The value of alpha that results in the smallest cross-validation error is 0.0814.

In [None]:
rr = Ridge(alpha = ridgecv.alpha_, normalize = True)
rr.fit(X_train, y_train)

In [None]:
print('Root Mean Squared Error:', np.sqrt(metrics.mean_squared_error(y_test, rr.predict(X_test))))

print('r2_score:', metrics.r2_score(y_test, rr.predict(X_test)))

#### 2. Lasso Regression

Lasso regression, or the Least Absolute Shrinkage and Selection Operator, is also a modification of linear regression. In Lasso, the loss function is modified to minimize the complexity of the model by limiting the sum of the absolute values of the model coefficients (also called the l1-norm).

The loss function for Lasso Regression can be expressed as below:

Loss function = OLS + alpha * summation (absolute values of the magnitude of the coefficients)

We now ask whether the lasso can yield either a more accurate or a more interpretable model than ridge regression. In order to fit a lasso model, we'll use the Lasso() function; however, this time we'll need to include the argument max_iter = 10000. Other than that change, we proceed just as we did in fitting a ridge model:

In [None]:
from sklearn.linear_model import LassoCV,Lasso

lasso = Lasso(max_iter = 10000, normalize = True)
coefs = []

for a in alphas:
    lasso.set_params(alpha=a)
    lasso.fit(X_train, y_train)
    coefs.append(lasso.coef_)

We now perform 10-fold cross-validation to choose the best alpha, refit the model, and compute the associated score:

In [None]:
lassocv = LassoCV(alphas = None, cv = 10, max_iter = 100000, normalize = True)
lassocv.fit(X_train, y_train)

lasso.set_params(alpha=lassocv.alpha_)
lasso.fit(X_train, y_train)

The value of alpha that results in the smallest cross-validation error is 0.000332.

In [None]:
print('Root Mean Squared Error:', np.sqrt(metrics.mean_squared_error(y_test, lasso.predict(X_test))))

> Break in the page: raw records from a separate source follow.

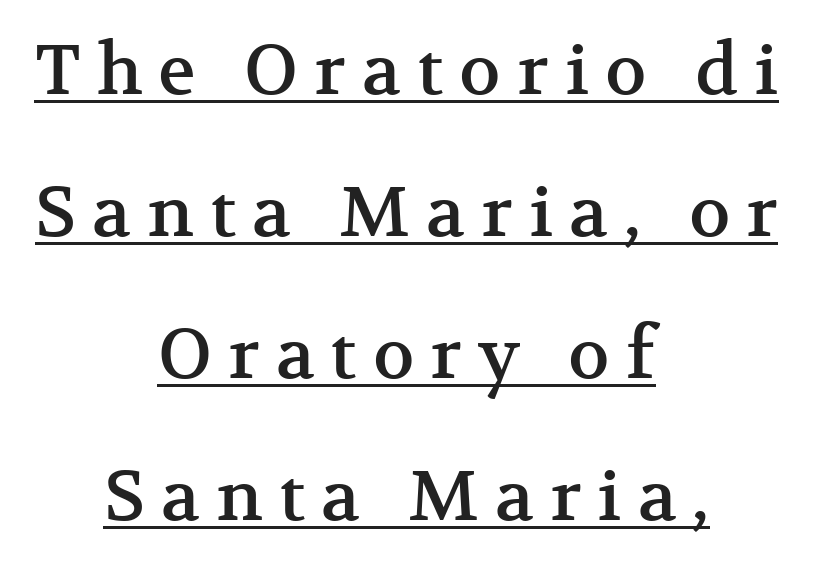
Q: Is the text italic (slanted)? A: No, it is upright.
Q: Is the typeface a serif or a sans-serif typeface? A: Serif.
Q: Is the text underlined? A: Yes.
Q: How is the paragraph aligned? A: Centered.
Q: Is the spacing between letters normal or unusually wide? A: Unusually wide.
Q: Is the spacing between lines tight, normal or loose? A: Loose.
Q: Width (condensed, normal, or wide)? A: Normal.
Q: Stroke contrast? A: Medium.
Q: x-height? A: Medium.
Q: Monospaced? A: No.
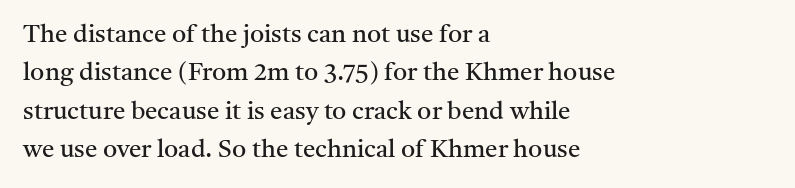
{"italic": "no", "bold": "no", "underline": "no", "align": "left", "line_spacing": "normal", "line_spacing_ratio": 1.54, "letter_spacing": "normal", "letter_spacing_em": 0.0, "glyph_px": 25}
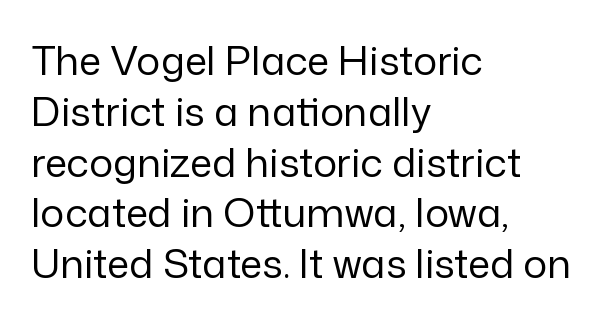
Q: Is the text bold? A: No.
Q: Is the text italic (slanted)? A: No, it is upright.
Q: Is the typeface a serif or a sans-serif typeface? A: Sans-serif.
Q: Is the text underlined? A: No.
Q: How is the paragraph aligned? A: Left-aligned.
Q: Is the spacing between letters normal or unusually wide? A: Normal.
Q: Is the spacing between lines tight, normal or loose? A: Normal.
Q: Width (condensed, normal, or wide)? A: Normal.
Q: Stroke contrast? A: Low.
Q: x-height? A: Medium.
Q: Monospaced? A: No.
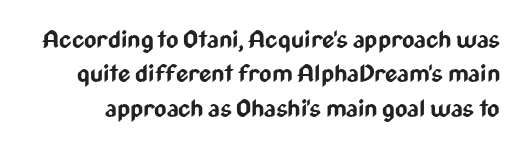
{"italic": "no", "bold": "yes", "underline": "no", "line_spacing": "normal", "line_spacing_ratio": 1.43, "letter_spacing": "normal", "letter_spacing_em": 0.0, "glyph_px": 24}

print('r2_score:', metrics.r2_score(y_test, lasso.predict(X_test)))

In [None]:
# Plot the coefficients
plt.figure(figsize=(8, 5))

colnames = X_train.columns

plt.plot(range(len(colnames)), lasso.coef_, linestyle='none',marker='*',markersize=5,color='red')
plt.xticks(range(len(colnames)), colnames.values, rotation=60) 
plt.margins(0.02)
plt.show()

We can see that the Ridge model is performing better than the Lasso model.

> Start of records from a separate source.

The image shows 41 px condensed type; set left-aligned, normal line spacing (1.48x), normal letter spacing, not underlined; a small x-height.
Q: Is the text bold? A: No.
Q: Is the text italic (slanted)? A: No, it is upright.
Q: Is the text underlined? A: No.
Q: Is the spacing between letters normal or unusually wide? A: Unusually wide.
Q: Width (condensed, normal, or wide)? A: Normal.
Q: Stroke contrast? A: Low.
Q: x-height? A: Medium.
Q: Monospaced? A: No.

#### 3. ElasticNet Regression

ElasticNet combines the properties of both Ridge and Lasso regression. It works by penalizing the model using both the l2-norm and the l1-norm.

In [None]:
# Let's perform a cross-validation to find the best combination of alpha and l1_ratio
from sklearn.linear_model import ElasticNetCV, ElasticNet

# how much importance should be given to l1 reguralization
cv_model = ElasticNetCV(l1_ratio=[.1, .5, .7, .9, .95, .99, .995, 1], eps=0.001, n_alphas=100, fit_intercept=True, 
                        normalize=True, precompute='auto', max_iter=2000, tol=0.0001, cv=5, 
                        copy_X=True, verbose=0, n_jobs=-1, positive=False, random_state=None, selection='cyclic')

In [None]:
cv_model.fit(X_train, y_train)

In [None]:
print('Optimal alpha: %.8f'%cv_model.alpha_)
#The amount of penalization chosen by cross validation

print('Optimal l1_ratio: %.3f'%cv_model.l1_ratio_)
#The compromise between l1 and l2 penalization chosen by cross validation

print('Number of iterations %d'%cv_model.n_iter_)
#number of iterations run by the coordinate descent solver to reach the specified tolerance for the optimal alpha.

In [None]:
# train model with best parameters from CV
elastic = ElasticNet(l1_ratio=cv_model.l1_ratio_, alpha = cv_model.alpha_, max_iter=cv_model.n_iter_, fit_intercept=True, normalize = True)
elastic.fit(X_train, y_train)

In [None]:
print('Root Mean Squared Error:', np.sqrt(metrics.mean_squared_error(y_test, elastic.predict(X_test))))

print('r2_score:', metrics.r2_score(y_test, elastic.predict(X_test)))

Out of the 3 regularization models the Elastic Net Model is performing the best on this dataset.